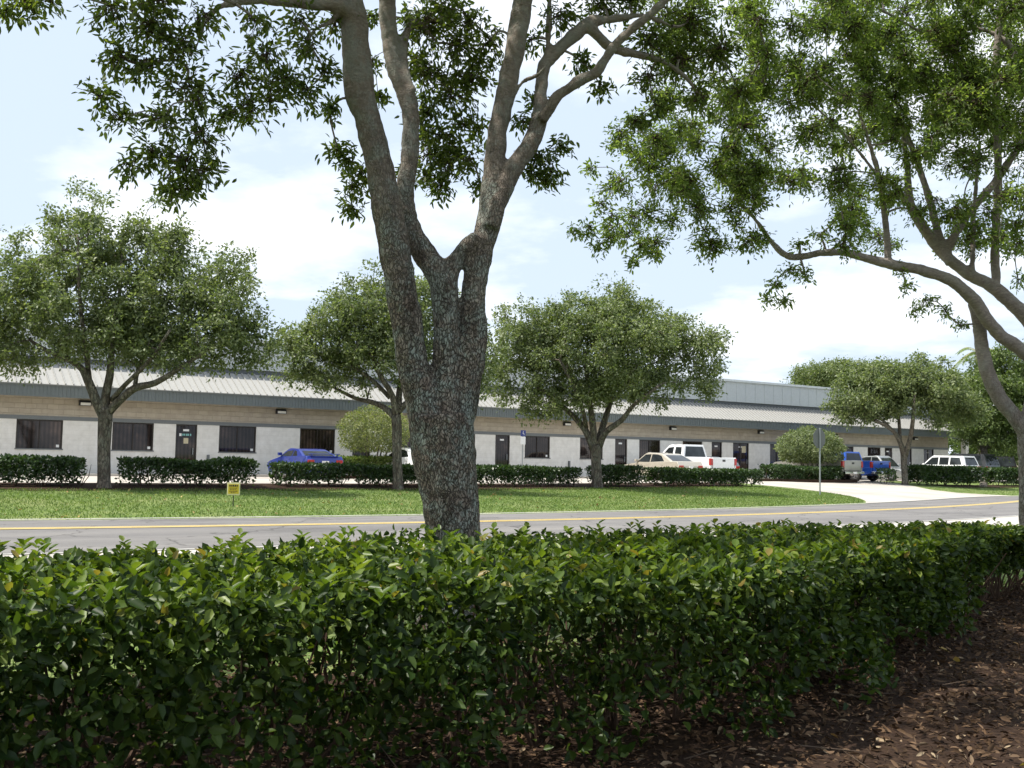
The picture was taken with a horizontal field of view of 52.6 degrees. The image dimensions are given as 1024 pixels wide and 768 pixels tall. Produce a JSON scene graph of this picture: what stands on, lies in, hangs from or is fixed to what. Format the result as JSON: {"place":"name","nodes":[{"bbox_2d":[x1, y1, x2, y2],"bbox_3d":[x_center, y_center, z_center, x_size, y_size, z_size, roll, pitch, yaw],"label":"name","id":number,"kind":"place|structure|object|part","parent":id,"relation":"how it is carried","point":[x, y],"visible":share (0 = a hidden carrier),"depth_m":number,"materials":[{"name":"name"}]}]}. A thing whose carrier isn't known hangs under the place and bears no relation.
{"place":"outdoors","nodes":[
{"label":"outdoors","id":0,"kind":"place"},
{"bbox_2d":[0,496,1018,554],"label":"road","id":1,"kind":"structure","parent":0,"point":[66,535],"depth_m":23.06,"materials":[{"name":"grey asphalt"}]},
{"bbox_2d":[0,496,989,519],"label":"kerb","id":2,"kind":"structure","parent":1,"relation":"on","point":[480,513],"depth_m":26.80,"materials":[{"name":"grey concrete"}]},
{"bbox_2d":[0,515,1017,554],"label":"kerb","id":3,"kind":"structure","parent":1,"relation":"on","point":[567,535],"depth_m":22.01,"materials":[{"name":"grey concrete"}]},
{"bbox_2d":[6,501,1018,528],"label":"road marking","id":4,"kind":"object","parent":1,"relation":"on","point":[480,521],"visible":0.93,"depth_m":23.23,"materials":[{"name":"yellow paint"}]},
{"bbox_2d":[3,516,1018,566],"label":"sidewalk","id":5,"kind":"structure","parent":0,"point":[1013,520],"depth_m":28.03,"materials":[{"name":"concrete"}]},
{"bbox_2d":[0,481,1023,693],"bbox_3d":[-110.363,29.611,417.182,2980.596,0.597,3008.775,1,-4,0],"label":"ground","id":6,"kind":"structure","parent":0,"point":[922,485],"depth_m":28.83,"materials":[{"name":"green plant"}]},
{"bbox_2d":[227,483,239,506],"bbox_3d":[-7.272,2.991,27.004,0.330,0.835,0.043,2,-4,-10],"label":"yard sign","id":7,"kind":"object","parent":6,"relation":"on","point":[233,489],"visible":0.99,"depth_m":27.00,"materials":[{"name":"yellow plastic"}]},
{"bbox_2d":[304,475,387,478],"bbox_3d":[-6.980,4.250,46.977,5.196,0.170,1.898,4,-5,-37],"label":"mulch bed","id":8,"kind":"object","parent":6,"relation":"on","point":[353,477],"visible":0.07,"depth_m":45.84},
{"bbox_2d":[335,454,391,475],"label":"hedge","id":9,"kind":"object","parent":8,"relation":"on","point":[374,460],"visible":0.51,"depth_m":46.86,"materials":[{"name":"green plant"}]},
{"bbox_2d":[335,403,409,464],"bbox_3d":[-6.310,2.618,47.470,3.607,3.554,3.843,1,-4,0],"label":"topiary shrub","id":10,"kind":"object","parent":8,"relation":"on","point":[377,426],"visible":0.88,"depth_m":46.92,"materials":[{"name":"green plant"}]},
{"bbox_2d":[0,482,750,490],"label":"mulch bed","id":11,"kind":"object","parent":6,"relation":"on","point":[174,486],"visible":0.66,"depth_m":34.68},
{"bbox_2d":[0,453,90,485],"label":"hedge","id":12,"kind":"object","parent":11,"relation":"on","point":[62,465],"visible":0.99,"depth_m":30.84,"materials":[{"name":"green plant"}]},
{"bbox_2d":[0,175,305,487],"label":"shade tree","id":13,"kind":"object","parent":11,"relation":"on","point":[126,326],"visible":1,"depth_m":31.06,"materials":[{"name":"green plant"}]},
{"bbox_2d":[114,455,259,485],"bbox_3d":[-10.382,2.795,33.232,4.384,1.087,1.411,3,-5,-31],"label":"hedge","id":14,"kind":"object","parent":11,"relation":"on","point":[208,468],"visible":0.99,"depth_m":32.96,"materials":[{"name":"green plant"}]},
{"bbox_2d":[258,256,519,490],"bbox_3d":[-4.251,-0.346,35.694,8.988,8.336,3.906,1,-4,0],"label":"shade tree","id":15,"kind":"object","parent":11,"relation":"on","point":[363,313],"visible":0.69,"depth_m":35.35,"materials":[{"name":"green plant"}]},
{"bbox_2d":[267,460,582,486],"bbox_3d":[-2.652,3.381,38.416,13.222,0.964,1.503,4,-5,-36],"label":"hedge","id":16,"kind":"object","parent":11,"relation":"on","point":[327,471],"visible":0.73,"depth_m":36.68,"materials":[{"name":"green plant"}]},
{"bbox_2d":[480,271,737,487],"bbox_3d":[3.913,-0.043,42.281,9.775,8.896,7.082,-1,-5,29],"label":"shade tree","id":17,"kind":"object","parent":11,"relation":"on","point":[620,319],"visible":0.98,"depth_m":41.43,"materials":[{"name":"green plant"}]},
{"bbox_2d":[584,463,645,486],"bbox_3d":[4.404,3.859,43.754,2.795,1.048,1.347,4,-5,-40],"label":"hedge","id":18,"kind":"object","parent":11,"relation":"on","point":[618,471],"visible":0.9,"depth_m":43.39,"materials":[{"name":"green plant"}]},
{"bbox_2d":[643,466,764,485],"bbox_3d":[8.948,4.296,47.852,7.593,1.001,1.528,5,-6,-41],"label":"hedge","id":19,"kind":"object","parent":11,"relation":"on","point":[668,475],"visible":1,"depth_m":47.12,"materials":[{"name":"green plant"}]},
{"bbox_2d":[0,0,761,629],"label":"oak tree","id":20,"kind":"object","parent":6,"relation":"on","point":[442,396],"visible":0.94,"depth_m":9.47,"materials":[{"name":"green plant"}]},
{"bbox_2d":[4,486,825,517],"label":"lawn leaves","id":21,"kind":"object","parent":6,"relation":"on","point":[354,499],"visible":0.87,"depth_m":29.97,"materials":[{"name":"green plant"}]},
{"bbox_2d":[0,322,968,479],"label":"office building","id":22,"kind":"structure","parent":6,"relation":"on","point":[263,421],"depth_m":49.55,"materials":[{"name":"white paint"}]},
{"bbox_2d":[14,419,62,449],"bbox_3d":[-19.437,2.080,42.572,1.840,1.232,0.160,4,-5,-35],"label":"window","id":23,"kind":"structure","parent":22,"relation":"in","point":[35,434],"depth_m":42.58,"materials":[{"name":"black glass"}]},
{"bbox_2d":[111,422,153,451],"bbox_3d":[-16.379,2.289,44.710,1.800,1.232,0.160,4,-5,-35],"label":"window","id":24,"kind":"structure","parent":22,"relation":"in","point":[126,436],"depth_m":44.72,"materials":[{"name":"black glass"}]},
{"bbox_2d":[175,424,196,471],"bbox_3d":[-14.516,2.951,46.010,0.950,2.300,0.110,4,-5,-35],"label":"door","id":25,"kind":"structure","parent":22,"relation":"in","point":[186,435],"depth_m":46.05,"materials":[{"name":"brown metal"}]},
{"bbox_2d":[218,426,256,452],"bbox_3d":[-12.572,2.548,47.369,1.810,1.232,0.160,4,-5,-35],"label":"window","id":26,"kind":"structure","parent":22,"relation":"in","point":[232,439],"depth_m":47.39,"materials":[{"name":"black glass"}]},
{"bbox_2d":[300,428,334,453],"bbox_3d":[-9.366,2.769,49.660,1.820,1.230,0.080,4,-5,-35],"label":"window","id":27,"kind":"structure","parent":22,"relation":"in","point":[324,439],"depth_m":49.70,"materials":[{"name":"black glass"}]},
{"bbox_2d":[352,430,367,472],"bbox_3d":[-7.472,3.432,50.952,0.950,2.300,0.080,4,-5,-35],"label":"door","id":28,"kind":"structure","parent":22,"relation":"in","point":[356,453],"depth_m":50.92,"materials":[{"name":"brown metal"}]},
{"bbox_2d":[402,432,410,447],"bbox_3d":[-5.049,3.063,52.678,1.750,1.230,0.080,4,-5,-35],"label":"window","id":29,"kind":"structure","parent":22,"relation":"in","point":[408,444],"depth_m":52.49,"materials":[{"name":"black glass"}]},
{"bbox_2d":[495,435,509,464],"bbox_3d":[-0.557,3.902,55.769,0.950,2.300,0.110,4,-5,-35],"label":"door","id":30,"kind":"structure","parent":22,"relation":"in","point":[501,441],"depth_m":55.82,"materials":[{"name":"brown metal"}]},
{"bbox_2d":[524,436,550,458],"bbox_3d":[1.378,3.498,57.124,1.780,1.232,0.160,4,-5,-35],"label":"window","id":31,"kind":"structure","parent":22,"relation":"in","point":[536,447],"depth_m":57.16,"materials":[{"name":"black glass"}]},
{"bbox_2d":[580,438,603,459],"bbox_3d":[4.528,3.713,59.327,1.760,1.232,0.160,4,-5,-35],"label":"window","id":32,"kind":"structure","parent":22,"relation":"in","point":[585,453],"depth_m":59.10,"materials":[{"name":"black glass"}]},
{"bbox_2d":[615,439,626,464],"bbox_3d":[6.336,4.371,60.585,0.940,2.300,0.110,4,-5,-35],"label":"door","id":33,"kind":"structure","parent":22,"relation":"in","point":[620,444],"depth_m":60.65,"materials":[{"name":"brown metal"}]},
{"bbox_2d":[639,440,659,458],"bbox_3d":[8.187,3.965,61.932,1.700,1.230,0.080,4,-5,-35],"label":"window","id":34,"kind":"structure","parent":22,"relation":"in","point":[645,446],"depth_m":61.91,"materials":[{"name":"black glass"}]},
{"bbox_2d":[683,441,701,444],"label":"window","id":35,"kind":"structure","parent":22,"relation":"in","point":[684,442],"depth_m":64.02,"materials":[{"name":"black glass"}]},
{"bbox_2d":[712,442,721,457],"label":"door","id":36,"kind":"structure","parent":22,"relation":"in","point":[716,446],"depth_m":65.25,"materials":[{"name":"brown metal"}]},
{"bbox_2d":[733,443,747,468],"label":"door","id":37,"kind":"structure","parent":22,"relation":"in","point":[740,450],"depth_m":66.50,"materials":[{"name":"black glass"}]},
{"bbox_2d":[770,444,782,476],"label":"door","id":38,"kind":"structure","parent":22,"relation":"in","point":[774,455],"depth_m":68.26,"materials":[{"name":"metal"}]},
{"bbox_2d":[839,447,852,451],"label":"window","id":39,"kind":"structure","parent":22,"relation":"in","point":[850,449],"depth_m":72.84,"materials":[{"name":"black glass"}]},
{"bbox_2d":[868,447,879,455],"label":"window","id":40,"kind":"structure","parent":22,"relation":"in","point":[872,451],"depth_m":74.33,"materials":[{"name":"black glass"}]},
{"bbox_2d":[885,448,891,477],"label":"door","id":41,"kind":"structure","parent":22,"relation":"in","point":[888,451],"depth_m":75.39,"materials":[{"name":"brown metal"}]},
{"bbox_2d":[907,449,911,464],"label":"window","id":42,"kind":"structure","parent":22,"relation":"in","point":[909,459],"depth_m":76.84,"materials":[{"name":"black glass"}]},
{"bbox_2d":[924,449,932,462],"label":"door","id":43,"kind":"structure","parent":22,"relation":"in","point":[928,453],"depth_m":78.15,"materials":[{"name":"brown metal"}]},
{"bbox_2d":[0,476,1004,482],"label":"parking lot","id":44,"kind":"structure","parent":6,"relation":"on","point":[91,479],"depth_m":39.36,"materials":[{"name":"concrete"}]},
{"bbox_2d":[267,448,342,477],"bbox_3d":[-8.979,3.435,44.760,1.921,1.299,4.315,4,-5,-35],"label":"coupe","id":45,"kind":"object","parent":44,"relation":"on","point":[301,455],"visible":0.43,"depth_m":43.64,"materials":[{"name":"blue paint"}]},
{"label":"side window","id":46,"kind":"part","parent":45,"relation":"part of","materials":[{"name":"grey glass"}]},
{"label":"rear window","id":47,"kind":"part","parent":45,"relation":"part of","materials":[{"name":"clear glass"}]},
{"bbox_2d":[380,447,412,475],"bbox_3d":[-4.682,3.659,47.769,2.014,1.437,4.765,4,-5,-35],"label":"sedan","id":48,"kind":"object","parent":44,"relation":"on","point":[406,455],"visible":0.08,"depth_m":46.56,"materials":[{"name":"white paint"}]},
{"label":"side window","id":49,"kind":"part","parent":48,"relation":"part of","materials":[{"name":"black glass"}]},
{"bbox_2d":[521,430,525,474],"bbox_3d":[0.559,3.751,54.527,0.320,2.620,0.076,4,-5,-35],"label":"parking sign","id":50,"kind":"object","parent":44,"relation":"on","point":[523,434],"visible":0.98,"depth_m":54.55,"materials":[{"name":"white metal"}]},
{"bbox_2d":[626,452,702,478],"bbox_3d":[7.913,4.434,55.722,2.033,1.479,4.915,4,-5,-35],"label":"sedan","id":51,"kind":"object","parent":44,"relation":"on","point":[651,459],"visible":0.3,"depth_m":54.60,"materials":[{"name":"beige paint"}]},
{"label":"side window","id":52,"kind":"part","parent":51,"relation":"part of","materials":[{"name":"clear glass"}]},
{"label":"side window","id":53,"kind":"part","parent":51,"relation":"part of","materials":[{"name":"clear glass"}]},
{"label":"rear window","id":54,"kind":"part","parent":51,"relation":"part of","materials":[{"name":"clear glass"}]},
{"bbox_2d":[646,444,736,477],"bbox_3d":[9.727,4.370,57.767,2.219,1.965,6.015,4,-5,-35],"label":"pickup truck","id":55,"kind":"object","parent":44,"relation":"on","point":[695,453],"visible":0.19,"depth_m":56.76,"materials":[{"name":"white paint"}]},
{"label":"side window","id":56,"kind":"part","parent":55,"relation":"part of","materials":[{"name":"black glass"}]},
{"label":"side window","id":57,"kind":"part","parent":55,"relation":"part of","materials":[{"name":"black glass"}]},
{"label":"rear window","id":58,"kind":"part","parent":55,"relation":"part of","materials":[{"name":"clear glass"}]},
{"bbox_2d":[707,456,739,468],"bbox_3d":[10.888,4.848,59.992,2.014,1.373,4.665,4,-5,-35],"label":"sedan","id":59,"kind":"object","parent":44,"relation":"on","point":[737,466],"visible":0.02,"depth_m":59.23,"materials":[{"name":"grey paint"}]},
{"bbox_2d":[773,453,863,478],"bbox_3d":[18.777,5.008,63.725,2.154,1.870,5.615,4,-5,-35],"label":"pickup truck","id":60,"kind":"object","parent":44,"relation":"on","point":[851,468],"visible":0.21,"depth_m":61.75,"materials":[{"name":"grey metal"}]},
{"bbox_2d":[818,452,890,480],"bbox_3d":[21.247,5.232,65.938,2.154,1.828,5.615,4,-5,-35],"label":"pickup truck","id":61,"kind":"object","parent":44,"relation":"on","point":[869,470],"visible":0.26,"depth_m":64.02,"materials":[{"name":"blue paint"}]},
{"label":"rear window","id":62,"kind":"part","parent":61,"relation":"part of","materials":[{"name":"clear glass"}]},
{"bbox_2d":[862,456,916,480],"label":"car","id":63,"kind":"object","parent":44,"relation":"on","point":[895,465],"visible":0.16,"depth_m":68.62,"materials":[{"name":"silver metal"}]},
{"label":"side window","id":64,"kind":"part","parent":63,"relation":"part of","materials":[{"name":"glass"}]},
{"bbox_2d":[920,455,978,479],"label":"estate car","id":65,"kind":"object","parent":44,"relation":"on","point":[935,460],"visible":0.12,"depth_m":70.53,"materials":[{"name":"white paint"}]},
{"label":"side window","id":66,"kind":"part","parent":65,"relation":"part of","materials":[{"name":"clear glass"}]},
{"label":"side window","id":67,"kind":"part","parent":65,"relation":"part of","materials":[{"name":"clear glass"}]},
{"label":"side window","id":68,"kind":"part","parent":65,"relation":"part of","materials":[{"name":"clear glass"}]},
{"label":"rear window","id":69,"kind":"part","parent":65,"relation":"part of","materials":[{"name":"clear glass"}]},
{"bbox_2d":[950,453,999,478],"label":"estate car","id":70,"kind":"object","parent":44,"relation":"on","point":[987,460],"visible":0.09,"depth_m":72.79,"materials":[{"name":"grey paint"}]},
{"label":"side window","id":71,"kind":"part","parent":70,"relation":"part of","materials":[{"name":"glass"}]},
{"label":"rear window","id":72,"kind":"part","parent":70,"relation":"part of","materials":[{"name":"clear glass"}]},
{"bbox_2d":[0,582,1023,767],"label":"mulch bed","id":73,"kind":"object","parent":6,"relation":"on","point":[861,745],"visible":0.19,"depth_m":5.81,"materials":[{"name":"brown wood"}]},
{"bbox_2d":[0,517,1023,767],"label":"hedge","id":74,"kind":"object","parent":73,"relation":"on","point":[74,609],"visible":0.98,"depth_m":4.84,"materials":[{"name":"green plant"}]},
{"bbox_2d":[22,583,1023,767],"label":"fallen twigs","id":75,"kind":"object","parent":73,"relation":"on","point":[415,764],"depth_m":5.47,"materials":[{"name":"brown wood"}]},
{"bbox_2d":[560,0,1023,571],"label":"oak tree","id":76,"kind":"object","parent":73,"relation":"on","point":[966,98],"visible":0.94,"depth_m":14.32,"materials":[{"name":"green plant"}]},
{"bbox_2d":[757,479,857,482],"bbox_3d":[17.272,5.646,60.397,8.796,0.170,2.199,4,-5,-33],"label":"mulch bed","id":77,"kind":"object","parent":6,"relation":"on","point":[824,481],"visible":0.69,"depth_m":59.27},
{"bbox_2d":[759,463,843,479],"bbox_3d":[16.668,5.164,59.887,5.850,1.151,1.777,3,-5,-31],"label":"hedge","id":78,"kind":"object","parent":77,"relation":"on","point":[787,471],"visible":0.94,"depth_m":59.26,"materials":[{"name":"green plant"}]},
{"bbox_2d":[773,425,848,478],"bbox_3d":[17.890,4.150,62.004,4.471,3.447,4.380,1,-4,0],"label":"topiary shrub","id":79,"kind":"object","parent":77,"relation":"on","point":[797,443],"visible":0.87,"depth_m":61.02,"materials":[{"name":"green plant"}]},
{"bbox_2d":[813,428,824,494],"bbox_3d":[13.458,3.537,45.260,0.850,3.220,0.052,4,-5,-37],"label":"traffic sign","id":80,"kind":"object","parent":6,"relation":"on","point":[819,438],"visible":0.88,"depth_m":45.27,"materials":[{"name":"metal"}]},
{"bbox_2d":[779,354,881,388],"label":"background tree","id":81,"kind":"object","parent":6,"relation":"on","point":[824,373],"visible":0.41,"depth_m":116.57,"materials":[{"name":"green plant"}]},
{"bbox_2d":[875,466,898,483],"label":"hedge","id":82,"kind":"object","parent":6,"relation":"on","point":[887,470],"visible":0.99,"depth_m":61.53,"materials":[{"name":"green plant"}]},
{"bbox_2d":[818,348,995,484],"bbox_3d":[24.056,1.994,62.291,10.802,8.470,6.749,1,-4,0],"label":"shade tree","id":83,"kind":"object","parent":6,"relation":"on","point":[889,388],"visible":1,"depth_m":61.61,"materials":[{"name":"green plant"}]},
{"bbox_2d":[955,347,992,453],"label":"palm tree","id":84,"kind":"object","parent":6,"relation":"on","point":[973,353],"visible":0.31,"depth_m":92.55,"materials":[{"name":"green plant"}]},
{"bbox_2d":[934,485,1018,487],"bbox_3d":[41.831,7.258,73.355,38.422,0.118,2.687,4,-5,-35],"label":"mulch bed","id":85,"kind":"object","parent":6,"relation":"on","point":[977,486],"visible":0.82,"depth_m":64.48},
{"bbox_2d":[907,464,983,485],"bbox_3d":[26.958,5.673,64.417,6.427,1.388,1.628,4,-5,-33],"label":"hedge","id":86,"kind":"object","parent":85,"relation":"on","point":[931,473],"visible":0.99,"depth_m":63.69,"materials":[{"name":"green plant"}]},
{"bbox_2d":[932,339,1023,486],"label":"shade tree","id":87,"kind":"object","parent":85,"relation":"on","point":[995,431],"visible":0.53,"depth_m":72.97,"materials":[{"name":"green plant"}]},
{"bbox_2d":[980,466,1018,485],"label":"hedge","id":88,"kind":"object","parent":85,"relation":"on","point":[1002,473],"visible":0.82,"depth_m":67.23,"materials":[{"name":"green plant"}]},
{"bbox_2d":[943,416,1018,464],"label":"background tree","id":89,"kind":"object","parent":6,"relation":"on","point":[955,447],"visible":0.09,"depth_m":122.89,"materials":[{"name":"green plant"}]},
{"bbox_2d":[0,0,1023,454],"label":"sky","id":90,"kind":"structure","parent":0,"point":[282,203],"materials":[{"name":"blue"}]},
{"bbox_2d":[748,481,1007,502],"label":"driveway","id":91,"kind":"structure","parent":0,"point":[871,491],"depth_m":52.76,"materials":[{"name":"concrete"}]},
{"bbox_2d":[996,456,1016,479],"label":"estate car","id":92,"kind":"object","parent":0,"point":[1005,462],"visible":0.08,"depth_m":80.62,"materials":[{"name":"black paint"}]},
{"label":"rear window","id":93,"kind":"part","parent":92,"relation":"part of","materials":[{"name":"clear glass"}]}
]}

**REQUIRED WORK**
Copy out each line of the records that holds the string "kerb".

**TASK ANSWER**
{"bbox_2d":[0,496,989,519],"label":"kerb","id":2,"kind":"structure","parent":1,"relation":"on","point":[480,513],"depth_m":26.80,"materials":[{"name":"grey concrete"}]},
{"bbox_2d":[0,515,1017,554],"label":"kerb","id":3,"kind":"structure","parent":1,"relation":"on","point":[567,535],"depth_m":22.01,"materials":[{"name":"grey concrete"}]},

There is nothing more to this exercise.